Training:71908,Test:30756


In [15]:
bands = ["B2", "B3", "B4", "B5", "B6", "B7", "B8"]
rf_classifier = ee.Classifier.smileRandomForest(10).train(
    features = training,
    classProperty = "landcover",
    inputProperties = bands
)


In [16]:
result = image.select(bands).classify(rf_classifier)

legend_keys = ["water", "farmland", "bareland", "vegetation", "urban"]
legend_colors = ["3388ff", "42ff68", "ffc342", "258e31", "b1beb8"]

landcover = result.set("classification_class_values", [1,2,3,4,5])
landcover = landcover.set("classification_class_palette", legend_colors)
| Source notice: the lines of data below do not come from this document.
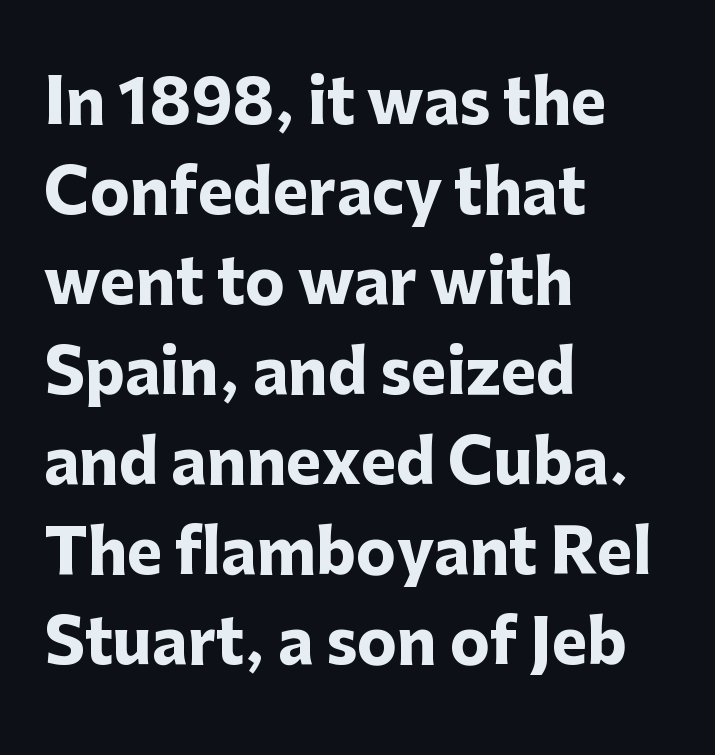
Q: Is the text bold? A: Yes.
Q: Is the text italic (slanted)? A: No, it is upright.
Q: Is the typeface a serif or a sans-serif typeface? A: Sans-serif.
Q: Is the text underlined? A: No.
Q: How is the paragraph aligned? A: Left-aligned.
Q: Is the spacing between letters normal or unusually wide? A: Normal.
Q: Is the spacing between lines tight, normal or loose? A: Normal.
Q: Width (condensed, normal, or wide)? A: Normal.
Q: Stroke contrast? A: Low.
Q: x-height? A: Medium.
Q: Monospaced? A: No.
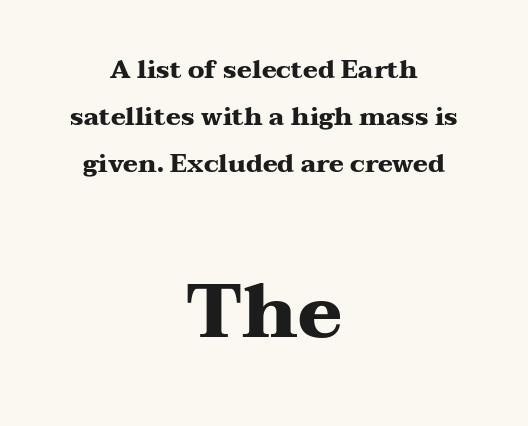
The image shows 75 px heavy, wide serif type, upright; set centered, line spacing 1.88x, normal letter spacing, not underlined; the second (bottom) block is 3.0x larger; medium stroke contrast and a medium x-height.
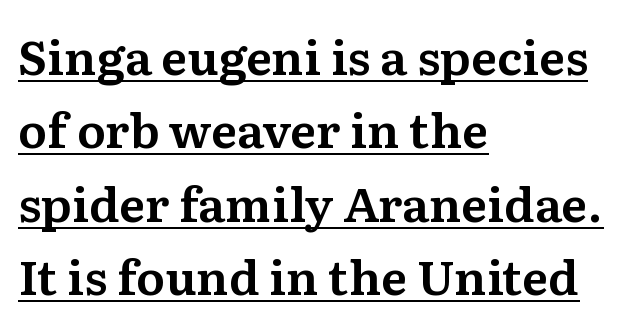
The image shows 48 px serif type, upright; set left-aligned, normal line spacing (1.53x), normal letter spacing, underlined; medium stroke contrast and a medium x-height.
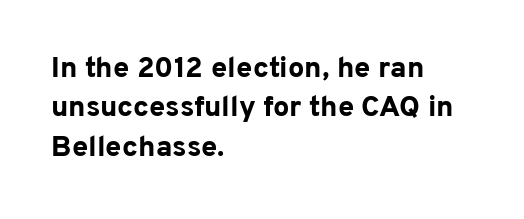
{"serif": "no", "italic": "no", "bold": "yes", "weight": "bold", "width": "normal", "stroke_contrast": "low", "x_height": "medium", "monospaced": "no", "underline": "no", "align": "left", "line_spacing": "normal", "line_spacing_ratio": 1.36, "letter_spacing": "normal", "letter_spacing_em": 0.0, "glyph_px": 29}
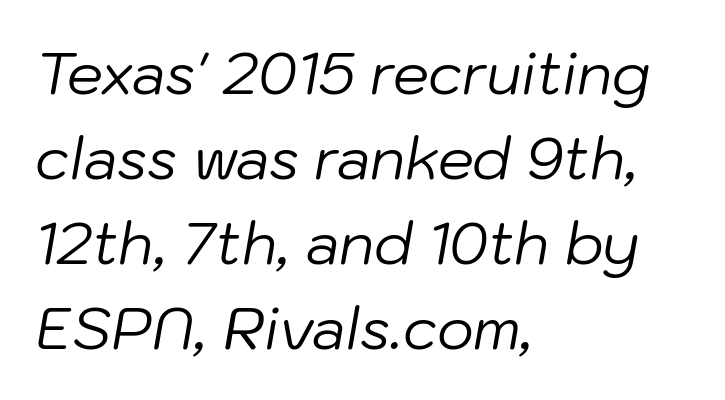
The image shows 57 px regular-weight type, italic (leaning right); set left-aligned, normal line spacing (1.49x), normal letter spacing, not underlined; low stroke contrast and a medium x-height.
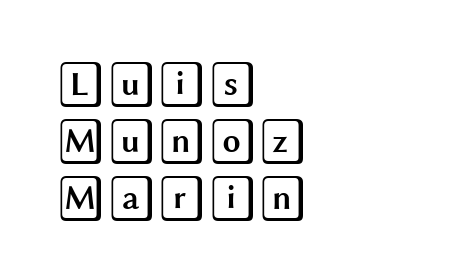
Compared with a centered layout, this one pins lines to the left instead. Nothing unusual about the tracking: characters are spaced as the font intends. Check the space under the baseline: it is left empty. Nope, not italic — everything's standing straight.
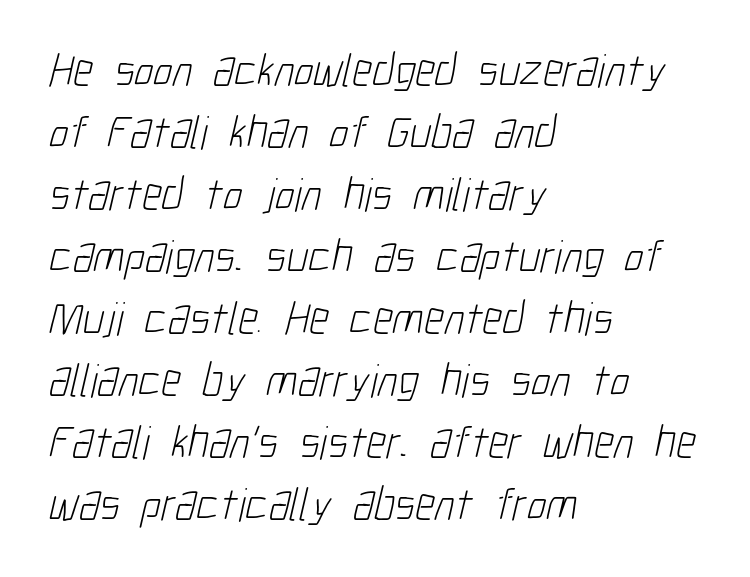
Q: Is the text bold? A: No.
Q: Is the typeface a serif or a sans-serif typeface? A: Sans-serif.
Q: Is the text underlined? A: No.
Q: How is the paragraph aligned? A: Left-aligned.
Q: Is the spacing between letters normal or unusually wide? A: Normal.
Q: Is the spacing between lines tight, normal or loose? A: Normal.
Q: Width (condensed, normal, or wide)? A: Condensed.
Q: Stroke contrast? A: Low.
Q: x-height? A: Medium.
Q: Monospaced? A: No.
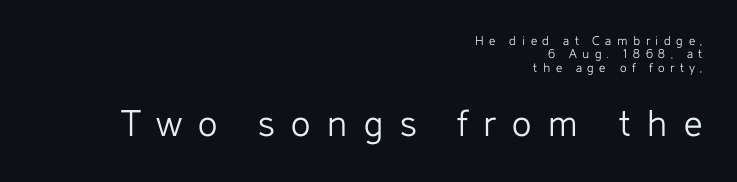
The image shows 41 px light sans-serif type, upright; set right-aligned, tight line spacing (0.96x), unusually wide letter spacing (+0.39 em), not underlined; the second (bottom) block is 2.93x larger; low stroke contrast and a medium x-height.
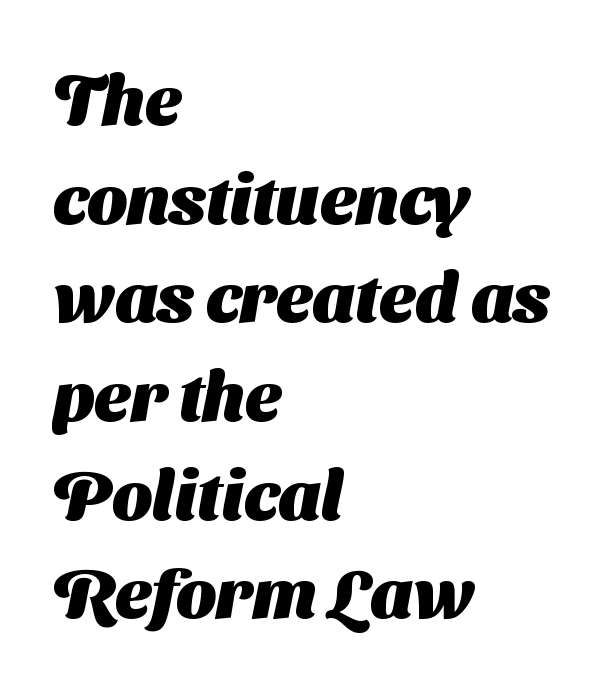
{"serif": "no", "bold": "yes", "weight": "heavy", "width": "normal", "stroke_contrast": "medium", "x_height": "medium", "monospaced": "no", "underline": "no", "align": "left", "line_spacing": "normal", "line_spacing_ratio": 1.41, "letter_spacing": "normal", "letter_spacing_em": 0.0, "glyph_px": 70}
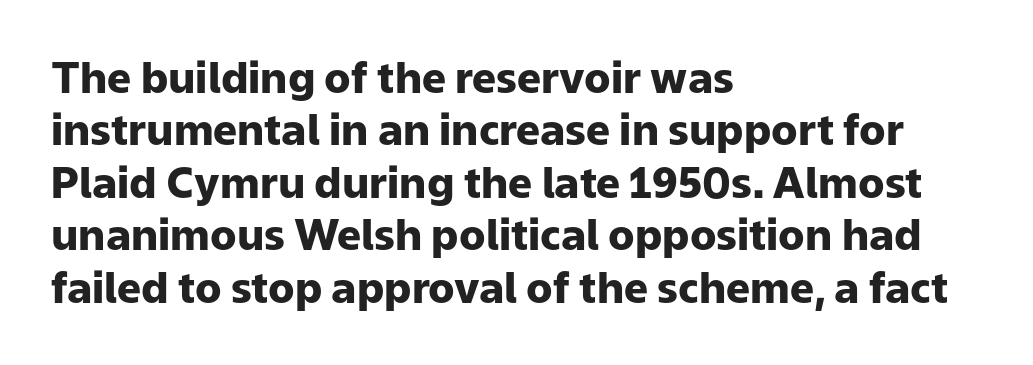
A bare baseline throughout the passage. Here the designer chose a conventional face with non-uniform glyph widths. In terms of posture, this sample is upright. The text was rendered using a sans face with plain stroke endings. As a designer I'd log this as weight 700, bold. Characters follow at the spacing the type designer built in.
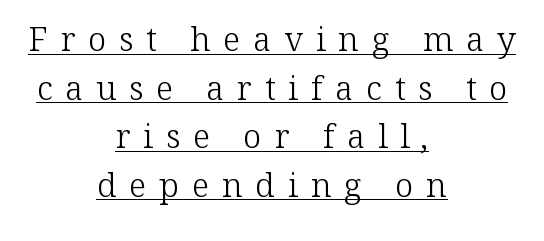
Tall strokes in this sample are plumb rather than angled. The font sits on the lighter half of the weight spectrum, regular included. Leading: standard. A baseline rule has been typeset under these characters. Honestly, the letter spacing is so wide it's the main thing you notice.
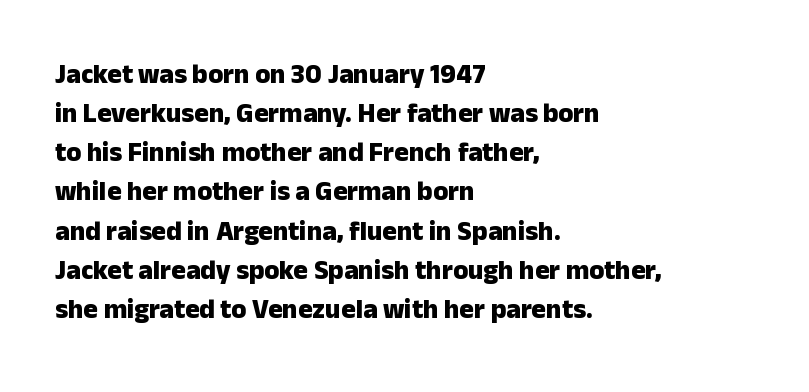
Q: Is the text bold? A: Yes.
Q: Is the text italic (slanted)? A: No, it is upright.
Q: Is the text underlined? A: No.
Q: How is the paragraph aligned? A: Left-aligned.
Q: Is the spacing between letters normal or unusually wide? A: Normal.
Q: Is the spacing between lines tight, normal or loose? A: Normal.
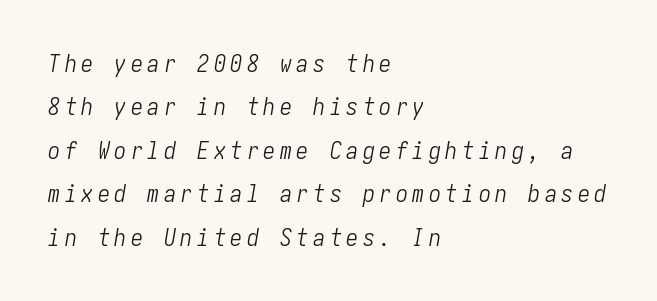
Caption: multi-line text, flush left, ragged right. There's an unmistakable incline to the writing here. Is this a heavy cut? Hardly; it is regular or lighter. The space directly below the letters is spotless.
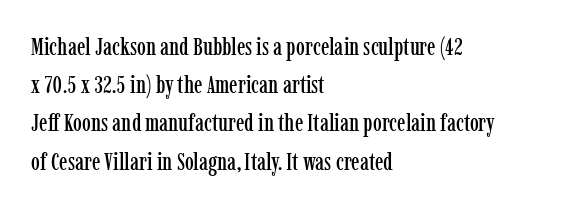
The image shows 25 px text type, upright; set left-aligned, normal line spacing (1.53x), normal letter spacing, not underlined.
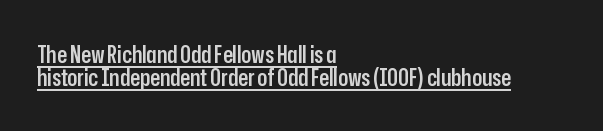
Caption: semibold face, moderately heavy strokes. In designer terms, the underline attribute is active on this setting. Is there much room between lines? No — they nearly touch. Posture: straight, roman, zero tilt. The letters sit at their default tracking, neither squeezed nor spread.
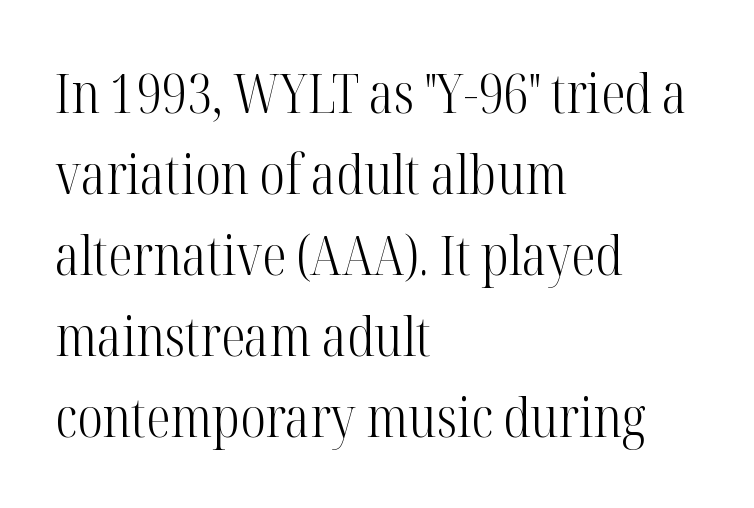
{"serif": "yes", "italic": "no", "bold": "no", "weight": "light", "width": "condensed", "stroke_contrast": "high", "x_height": "medium", "monospaced": "no", "underline": "no", "align": "left", "line_spacing": "normal", "line_spacing_ratio": 1.5, "letter_spacing": "normal", "letter_spacing_em": 0.0, "glyph_px": 54}
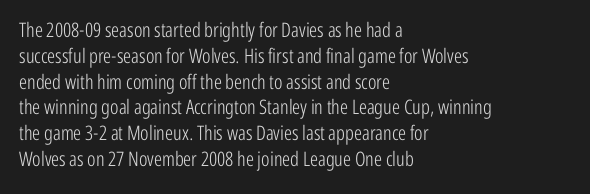
Q: Is the text bold? A: No.
Q: Is the text italic (slanted)? A: No, it is upright.
Q: Is the text underlined? A: No.
Q: How is the paragraph aligned? A: Left-aligned.
Q: Is the spacing between letters normal or unusually wide? A: Normal.
Q: Is the spacing between lines tight, normal or loose? A: Normal.
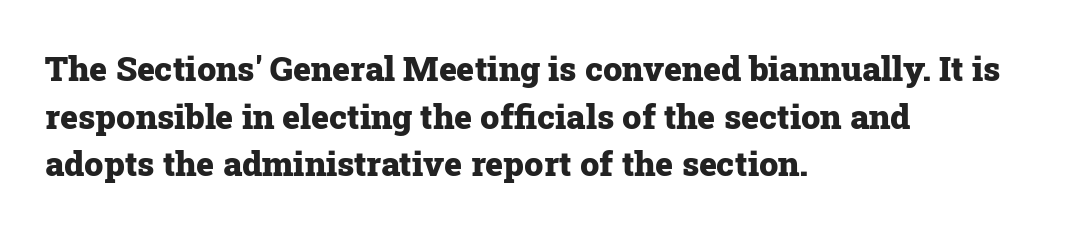
The image shows 34 px heavy serif type, upright; set left-aligned, normal line spacing (1.4x), normal letter spacing, not underlined; low stroke contrast and a medium x-height.
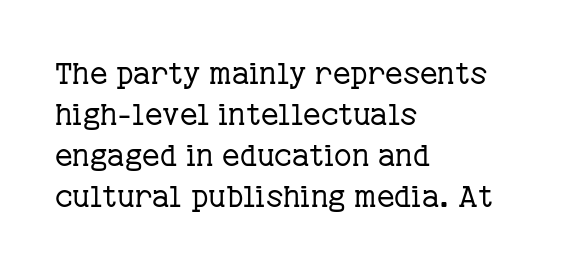
Whoever set this chose a conventional vertical rhythm. No extra ink here — the face is not bold. This sample is left-justified, so line endings fall wherever the words run out. Are there feet on the stems? There are — it's a serif.
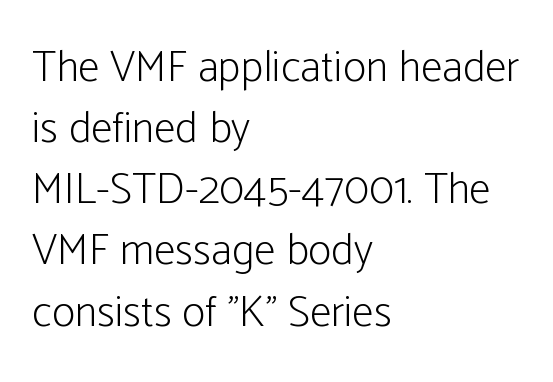
Q: Is the text bold? A: No.
Q: Is the text italic (slanted)? A: No, it is upright.
Q: Is the typeface a serif or a sans-serif typeface? A: Sans-serif.
Q: Is the text underlined? A: No.
Q: How is the paragraph aligned? A: Left-aligned.
Q: Is the spacing between letters normal or unusually wide? A: Normal.
Q: Is the spacing between lines tight, normal or loose? A: Normal.
Q: Width (condensed, normal, or wide)? A: Condensed.
Q: Stroke contrast? A: Low.
Q: x-height? A: Medium.
Q: Monospaced? A: No.
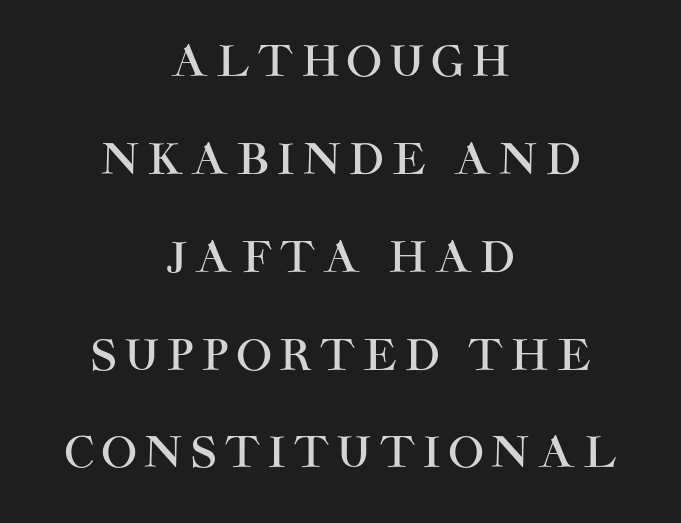
The image shows 42 px sans-serif type, upright; set centered, loose line spacing (2.33x), unusually wide letter spacing (+0.2 em), not underlined; high stroke contrast and a large x-height.
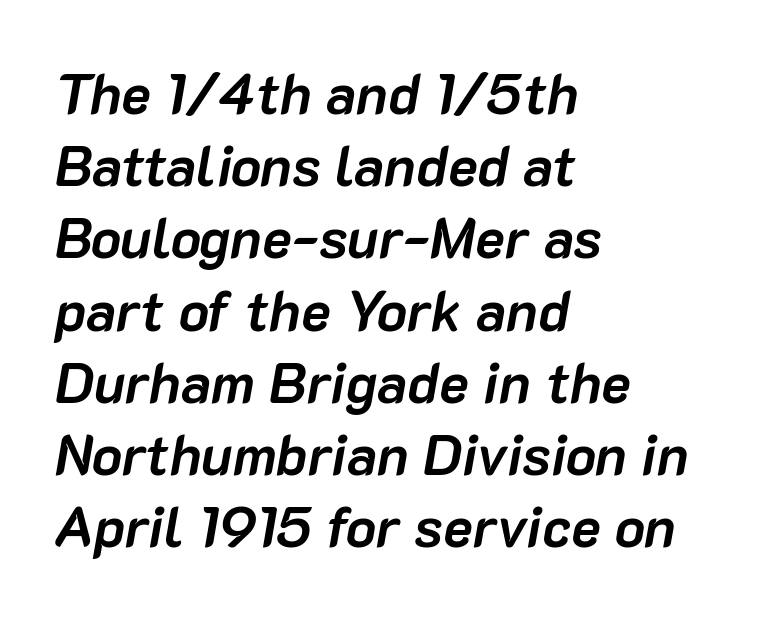
The image shows 56 px semibold type, italic (leaning right); set left-aligned, normal line spacing (1.29x), normal letter spacing, not underlined; low stroke contrast and a medium x-height.
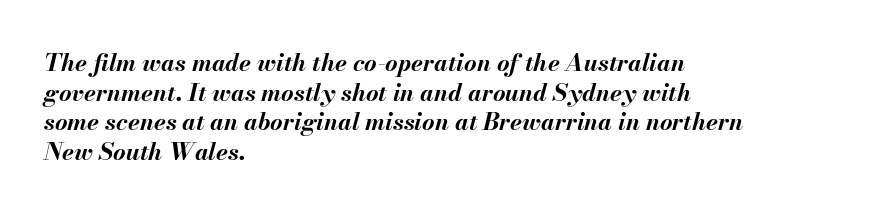
{"italic": "yes", "lean": "right", "slant_degrees": 13, "bold": "yes", "underline": "no", "align": "left", "line_spacing_ratio": 1.23, "letter_spacing": "normal", "letter_spacing_em": 0.0, "glyph_px": 24}
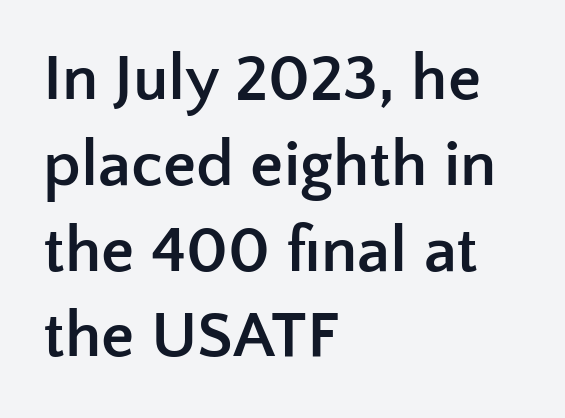
Q: Is the text bold? A: Yes.
Q: Is the text italic (slanted)? A: No, it is upright.
Q: Is the typeface a serif or a sans-serif typeface? A: Sans-serif.
Q: Is the text underlined? A: No.
Q: How is the paragraph aligned? A: Left-aligned.
Q: Is the spacing between letters normal or unusually wide? A: Normal.
Q: Is the spacing between lines tight, normal or loose? A: Normal.
Q: Width (condensed, normal, or wide)? A: Normal.
Q: Stroke contrast? A: Low.
Q: x-height? A: Medium.
Q: Monospaced? A: No.
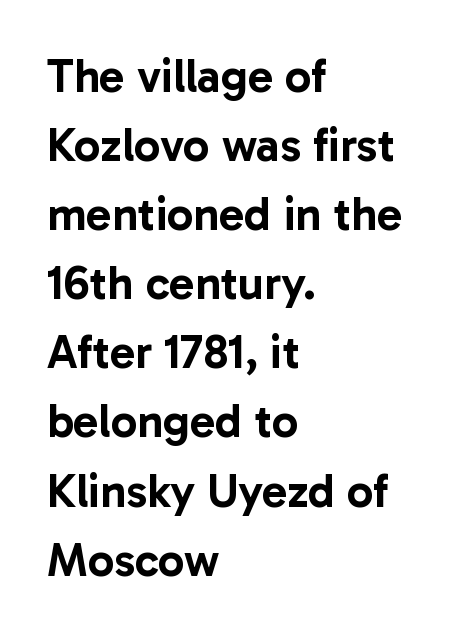
Reading down the block, your eye returns to a fixed left position each line. Descenders hang freely into open space. Compared with typical paragraphs, the rows here are spaced about the same. Do the characters align in a grid? No, the font is proportional.
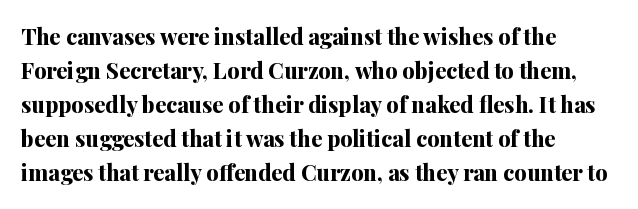
Q: Is the text bold? A: Yes.
Q: Is the text italic (slanted)? A: No, it is upright.
Q: Is the text underlined? A: No.
Q: How is the paragraph aligned? A: Left-aligned.
Q: Is the spacing between letters normal or unusually wide? A: Normal.
Q: Is the spacing between lines tight, normal or loose? A: Normal.
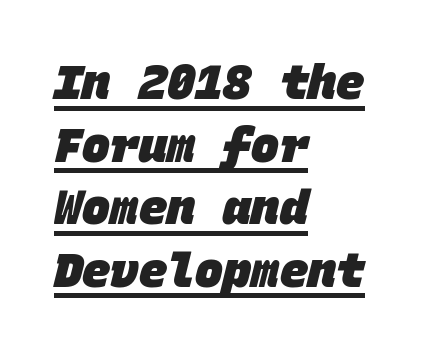
The image shows 47 px heavy sans-serif type, monospaced; set left-aligned, normal line spacing (1.33x), normal letter spacing, underlined; low stroke contrast and a large x-height.

Map.addLayer(landcover, {}, "Land cover")
Map.add_legend(keys=legend_keys, colors=legend_colors, position="bottomleft")
Map

Map(bottom=11199.0, center=[51.49, -0.14], controls=(WidgetControl(options=['position', 'transparent_bg'], wid…

### Assessment

In [17]:
train_accuracy = rf_classifier.confusionMatrix()

train_accuracy.getInfo()

[[0, 0, 0, 0, 0, 0],
 [0, 54395, 0, 0, 0, 4],
 [0, 0, 1663, 0, 4, 1],
 [0, 0, 0, 2803, 0, 1],
 [0, 0, 7, 0, 10149, 1],
 [0, 3, 1, 2, 2, 2872]]

In [18]:
train_accuracy.accuracy().getInfo()

0.9996384268787896

In [22]:
train_accuracy.kappa().getInfo()

0.9991052261076222

In [19]:
tested = test.classify(rf_classifier)
test_accuracy = tested.errorMatrix("landcover", "classification")
test_accuracy.getInfo()

[[0, 0, 0, 0, 0, 0],
 [0, 23272, 0, 0, 0, 11],
 [0, 0, 630, 1, 15, 1],
 [0, 0, 2, 1249, 0, 0],
 [0, 0, 23, 0, 4274, 1],
 [0, 5, 3, 14, 1, 1254]]

In [20]:
test_accuracy.accuracy().getInfo()

0.9974964234620887

In [21]:
test_accuracy.kappa().getInfo()

0.9937990275483285

Comments: The overall accuracy seems good, but I also notice some errors. One obvious one is that the cloud is classified as urban area.